ChatGPT has been updated with a new, useful functionality:
the ability to ask the bot questions in the form of audio and images. Most AI
models, including ChatGPT itself, were originally designed to receive and
respond to questions in the form of text prompts. With further advancements, OpenAI
has expanded the potential of its technology, hence the new prompting methods.
ChatGPT can now see, hear, and speak. Rolling out over next two weeks, Plus users will be able to have voice conversations with ChatGPT (iOS & Android) and to include images in conversations (all platforms). https://t.co/uNZjgbR5Bm pic.twitter.com/paG0hMshXb
— OpenAI (@OpenAI) September 25, 2023
The process of entering commands or questions via audio is apparently pretty simple: the user will need to tap a button to record their query which will be automatically converted to text and processed by the chatbot. Similarly, the answer from the bot will be converted back to speech and spoken out loud for the user.

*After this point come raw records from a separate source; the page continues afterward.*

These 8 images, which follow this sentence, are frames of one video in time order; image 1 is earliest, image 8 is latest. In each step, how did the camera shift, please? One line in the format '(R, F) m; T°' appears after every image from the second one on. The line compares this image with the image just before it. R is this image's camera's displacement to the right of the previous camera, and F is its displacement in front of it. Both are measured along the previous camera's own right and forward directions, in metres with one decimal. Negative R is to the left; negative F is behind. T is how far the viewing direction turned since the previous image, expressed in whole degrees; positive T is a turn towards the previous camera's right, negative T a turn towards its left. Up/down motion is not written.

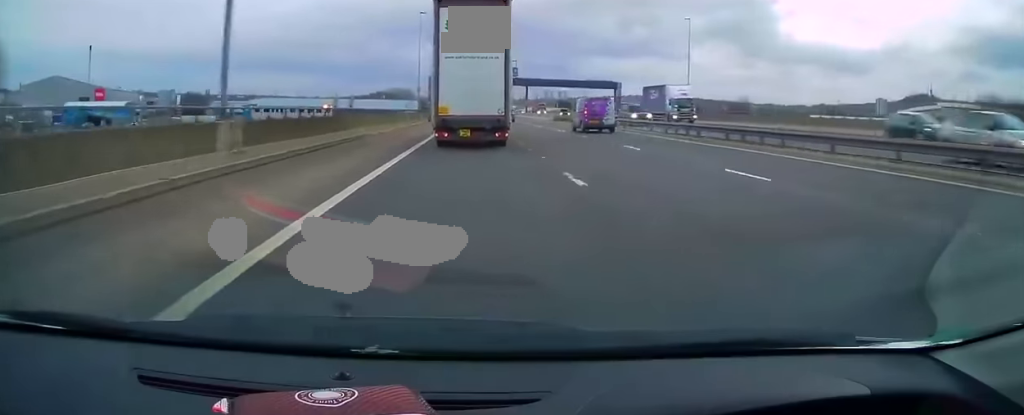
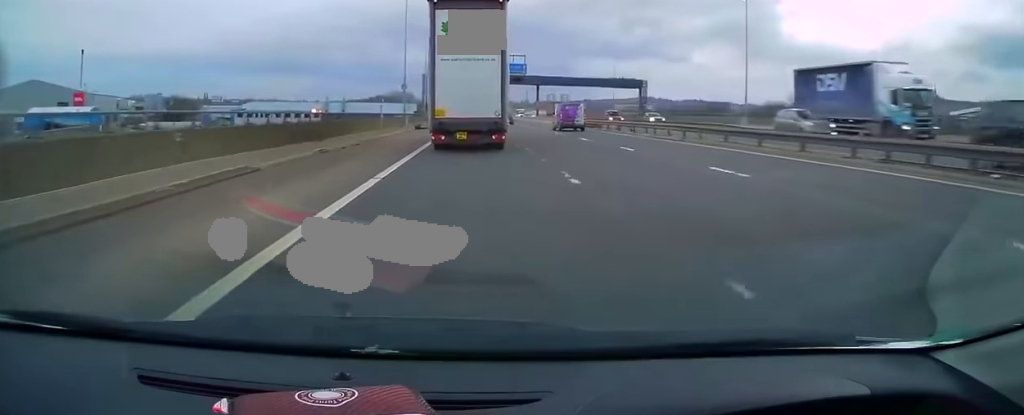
(-0.2, +17.2) m; 0°
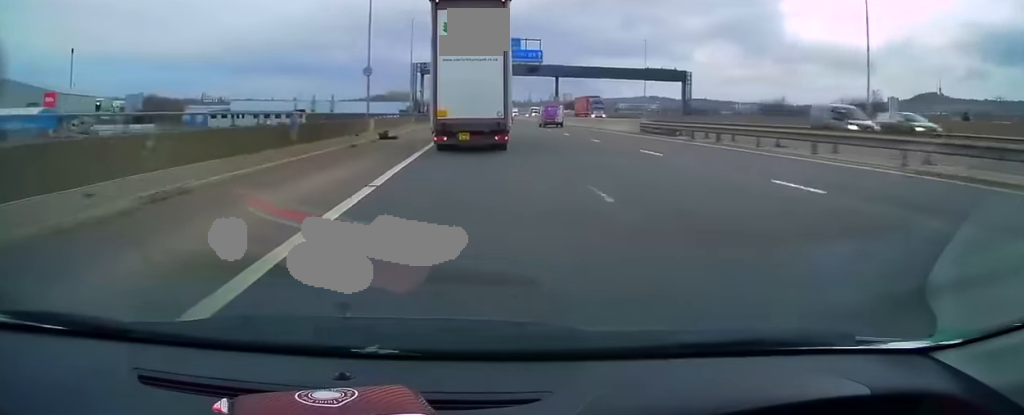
(+0.1, +21.1) m; 0°
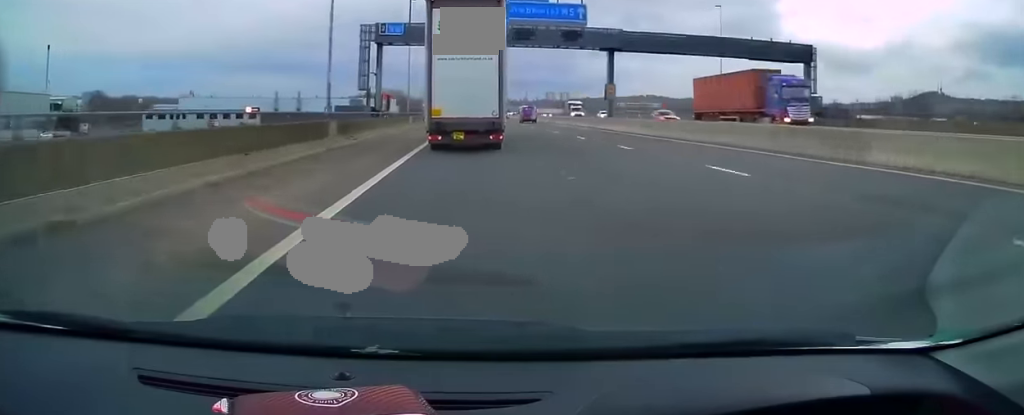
(-0.1, +33.7) m; 0°
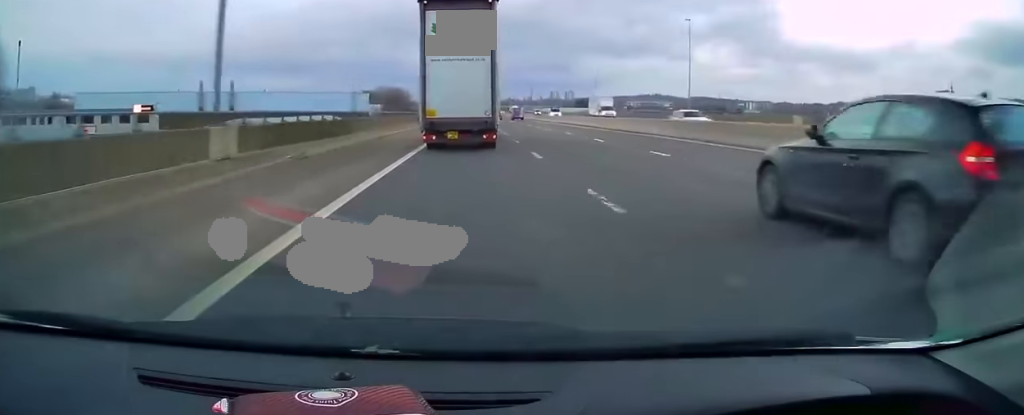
(-0.1, +49.4) m; 0°
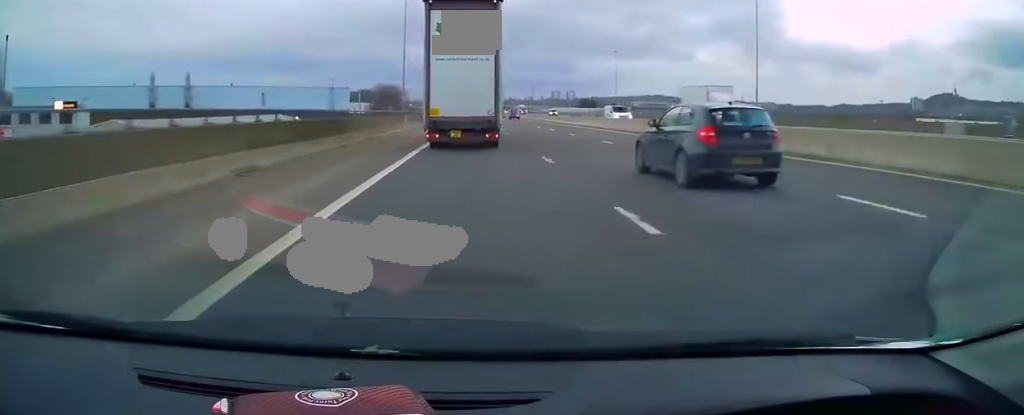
(0.0, +19.7) m; +1°
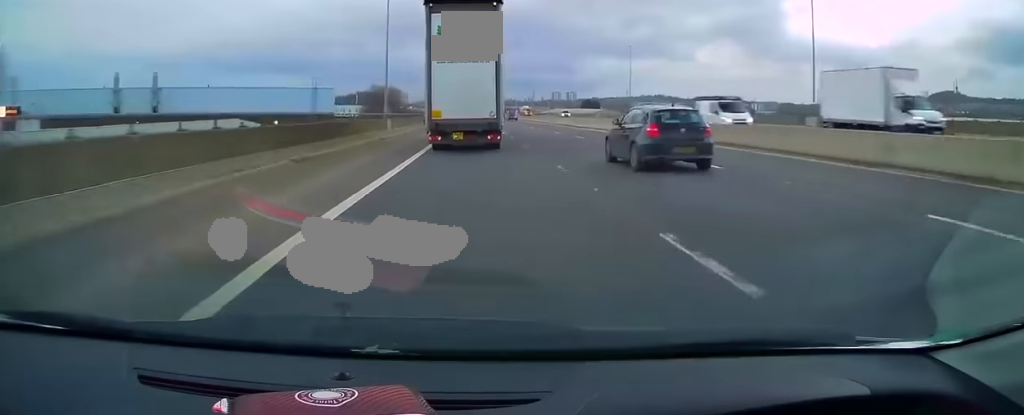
(+0.1, +11.1) m; 0°
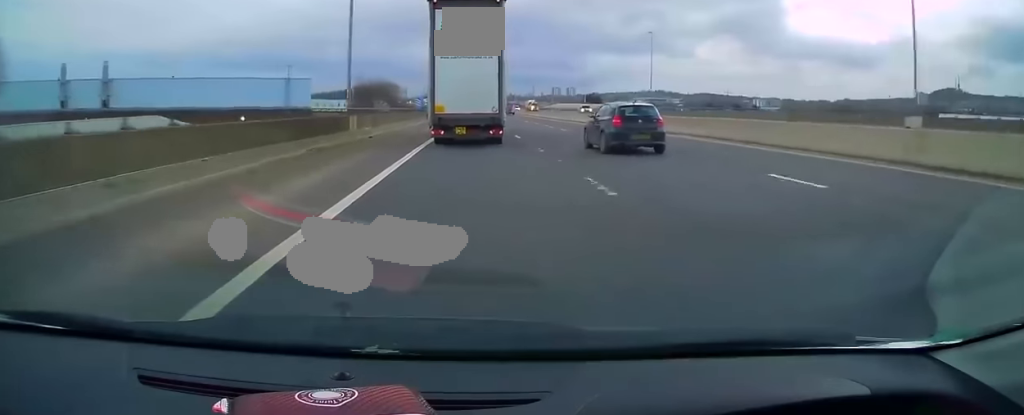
(+0.1, +13.5) m; 0°

The master technology behind this speech-to-text conversion is OpenAI’s Whisper model. The company has also developed another similar model for text-to-speech conversion, that it claims can produce “human-like audio” from text, after being trained on a few seconds of sample speech. In this domain, OpenAI has even collaborated with Spotify to translate podcasts into other languages, while maintaining the original sound of the podcaster’s voice.

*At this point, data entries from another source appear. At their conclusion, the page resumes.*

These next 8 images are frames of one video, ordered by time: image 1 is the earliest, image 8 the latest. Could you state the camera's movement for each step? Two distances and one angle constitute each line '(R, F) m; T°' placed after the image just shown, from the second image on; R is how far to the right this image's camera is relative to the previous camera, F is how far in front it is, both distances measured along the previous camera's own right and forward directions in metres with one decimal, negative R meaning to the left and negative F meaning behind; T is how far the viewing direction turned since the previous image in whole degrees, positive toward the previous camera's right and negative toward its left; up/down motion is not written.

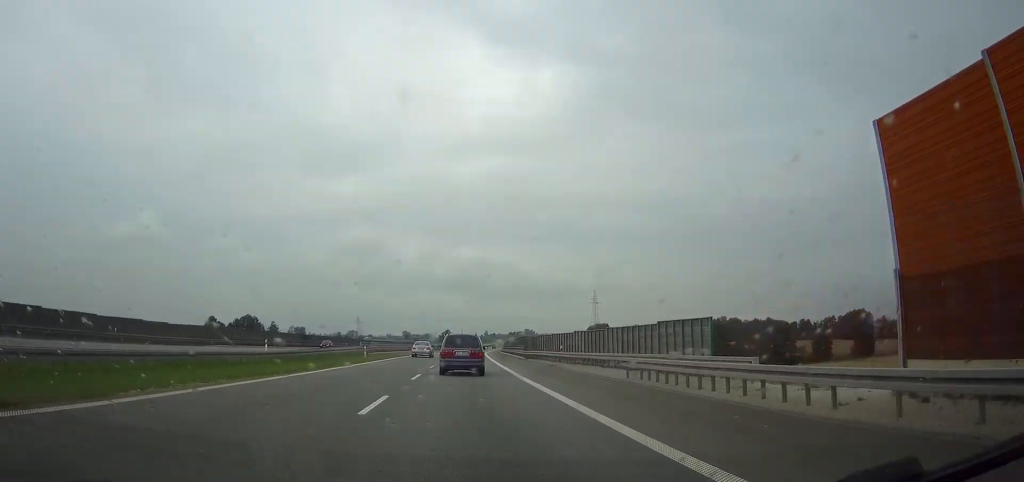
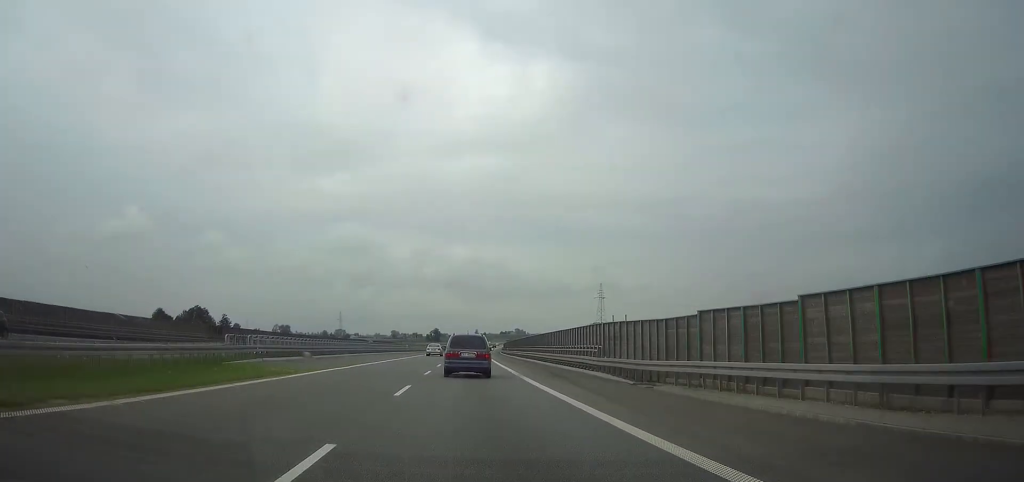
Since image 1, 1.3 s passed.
(0.0, +42.8) m; 0°
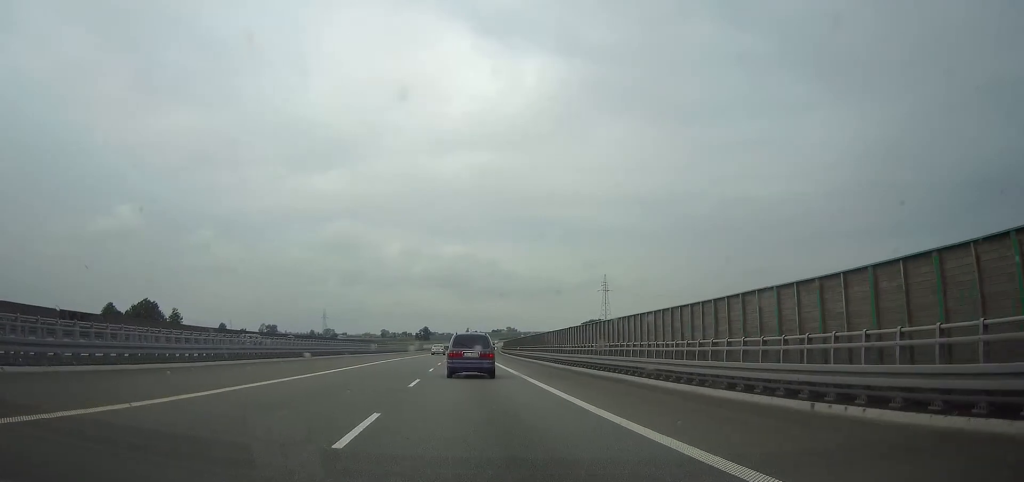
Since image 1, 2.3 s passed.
(0.0, +31.9) m; 0°
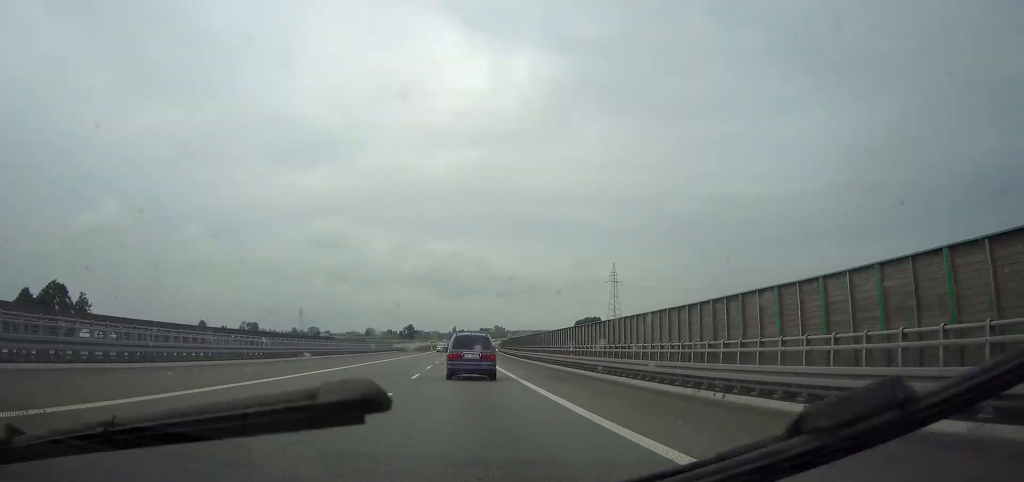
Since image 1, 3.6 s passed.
(0.0, +42.8) m; 0°
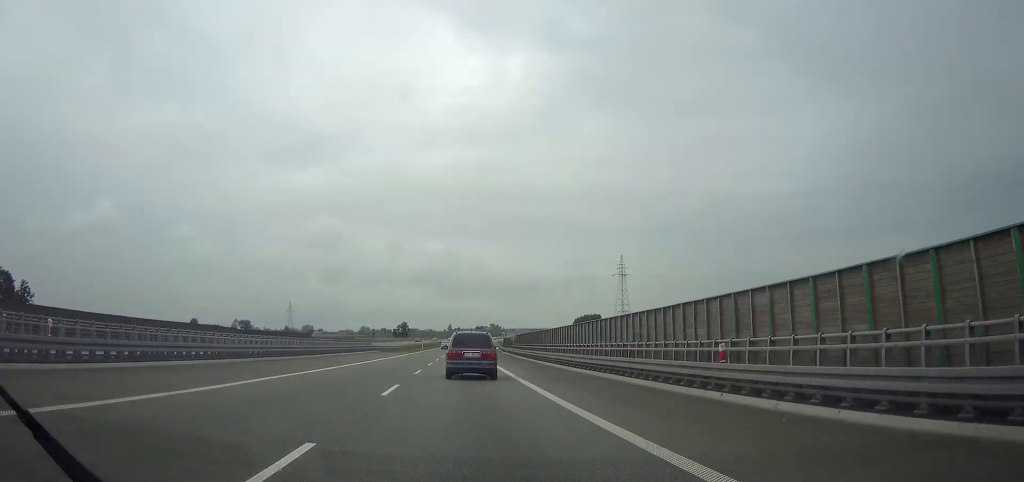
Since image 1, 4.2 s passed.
(0.0, +20.7) m; 0°
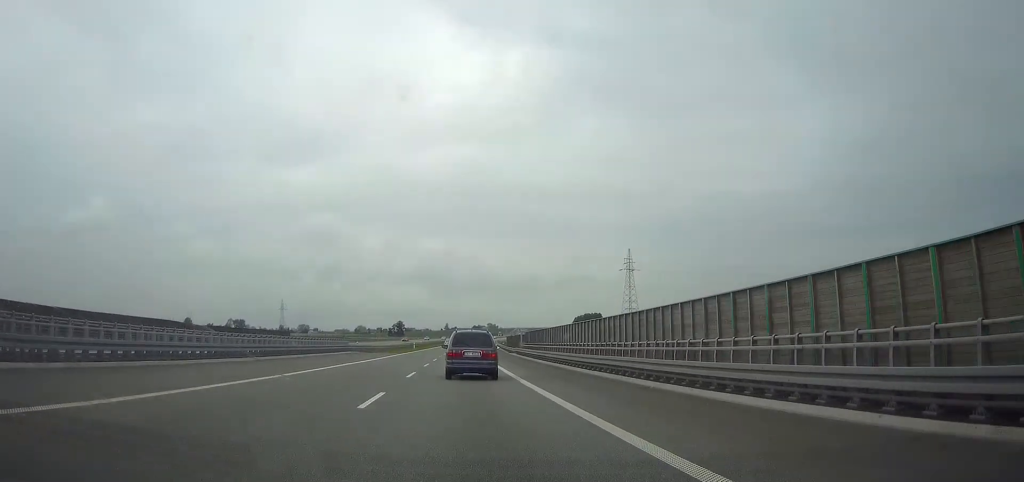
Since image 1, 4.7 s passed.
(0.0, +15.3) m; 0°
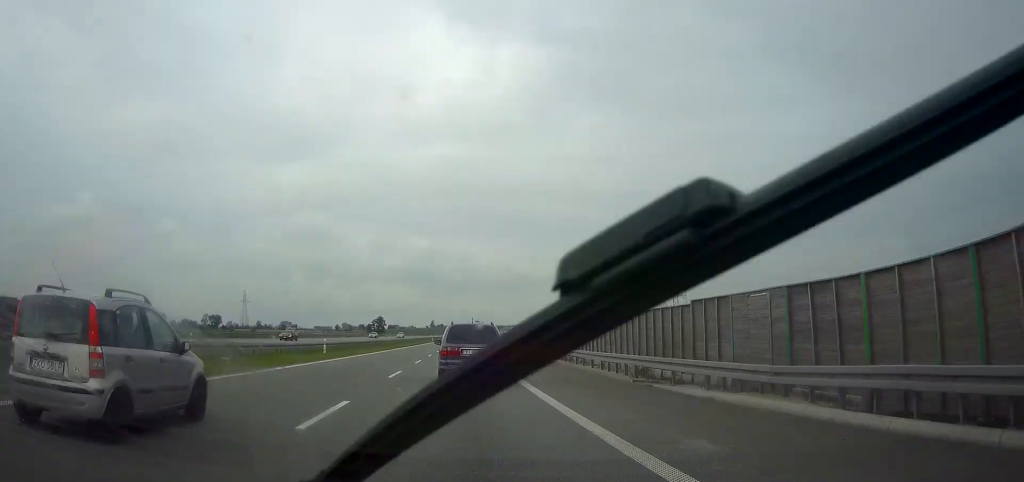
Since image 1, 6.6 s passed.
(0.0, +62.3) m; 0°
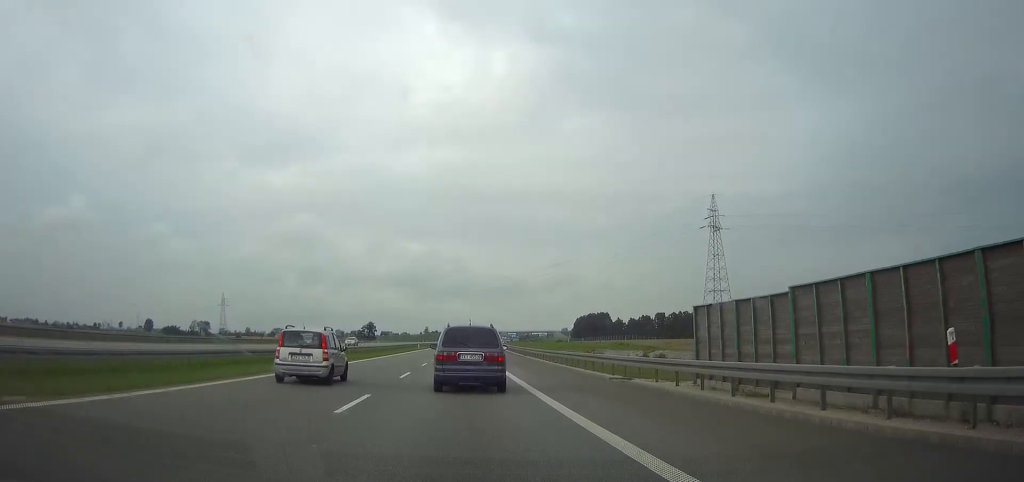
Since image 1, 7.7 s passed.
(0.0, +34.7) m; 0°

However, with the ability to generate synthetic voices also
come various potential ethical problems; for instance, impersonation attempts
by malicious actors for the purpose of defamation or fraud. This is also the
reason why OpenAI is choosing to keep the accessibility of its model limited to
specific use cases and partnerships, hence preventing broad use of the
technology to minimize potentially harmful behaviours.
The image prompt method works somewhat like Google Lens –
the user shows the chatbot an image, based on which the bot makes a guess about
what is being inquired, and then generates a response accordingly. Additionally,
the user can type in questions to add to the context of their query via image.
These new ChatGPT features will be initially available to
users who pay for the service and will later be expanded to all users.